* RECORDS SHOWN
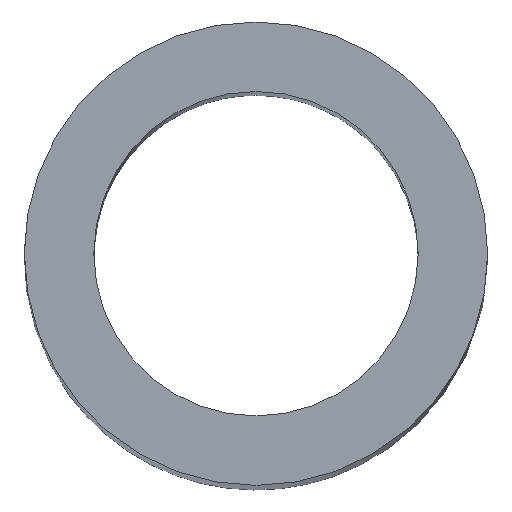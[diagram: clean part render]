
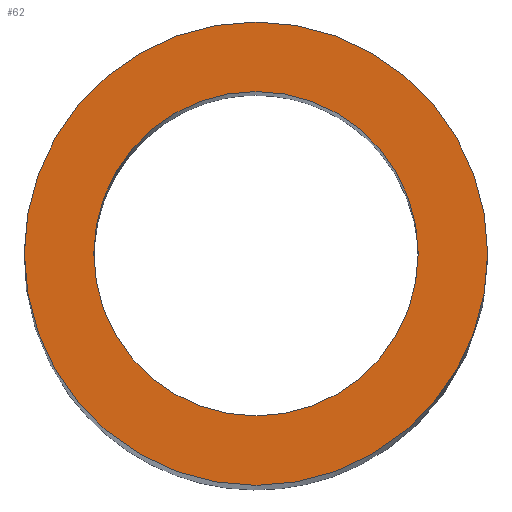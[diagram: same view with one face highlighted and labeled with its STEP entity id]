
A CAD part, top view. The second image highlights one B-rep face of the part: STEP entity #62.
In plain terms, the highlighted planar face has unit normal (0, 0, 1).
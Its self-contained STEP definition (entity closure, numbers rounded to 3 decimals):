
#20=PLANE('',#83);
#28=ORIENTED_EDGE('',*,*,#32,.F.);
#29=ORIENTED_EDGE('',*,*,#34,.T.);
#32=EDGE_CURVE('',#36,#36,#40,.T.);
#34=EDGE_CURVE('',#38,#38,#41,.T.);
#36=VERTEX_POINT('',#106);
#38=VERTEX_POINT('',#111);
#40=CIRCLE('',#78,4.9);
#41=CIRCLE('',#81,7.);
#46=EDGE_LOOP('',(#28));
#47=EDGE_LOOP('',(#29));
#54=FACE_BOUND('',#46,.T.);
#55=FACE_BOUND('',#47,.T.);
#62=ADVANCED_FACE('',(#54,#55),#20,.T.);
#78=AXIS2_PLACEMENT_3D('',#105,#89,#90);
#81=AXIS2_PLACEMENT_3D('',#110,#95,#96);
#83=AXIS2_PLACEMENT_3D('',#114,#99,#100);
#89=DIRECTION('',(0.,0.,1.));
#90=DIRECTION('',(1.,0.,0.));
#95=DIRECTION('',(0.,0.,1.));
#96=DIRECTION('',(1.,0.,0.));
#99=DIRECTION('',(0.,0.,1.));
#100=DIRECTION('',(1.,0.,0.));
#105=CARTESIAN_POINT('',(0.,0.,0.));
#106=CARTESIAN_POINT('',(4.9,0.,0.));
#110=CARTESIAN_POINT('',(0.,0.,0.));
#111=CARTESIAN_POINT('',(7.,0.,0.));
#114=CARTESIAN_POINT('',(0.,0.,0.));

* WHAT IS REQUIRED
Your task is to restate, word for word, each line from the one that includes "#96=DIRECTION('',(1.,0.,0.));" to the end of the records, with both ends included and nothing else.

* ANSWER FOR THE TASK
#96=DIRECTION('',(1.,0.,0.));
#99=DIRECTION('',(0.,0.,1.));
#100=DIRECTION('',(1.,0.,0.));
#105=CARTESIAN_POINT('',(0.,0.,0.));
#106=CARTESIAN_POINT('',(4.9,0.,0.));
#110=CARTESIAN_POINT('',(0.,0.,0.));
#111=CARTESIAN_POINT('',(7.,0.,0.));
#114=CARTESIAN_POINT('',(0.,0.,0.));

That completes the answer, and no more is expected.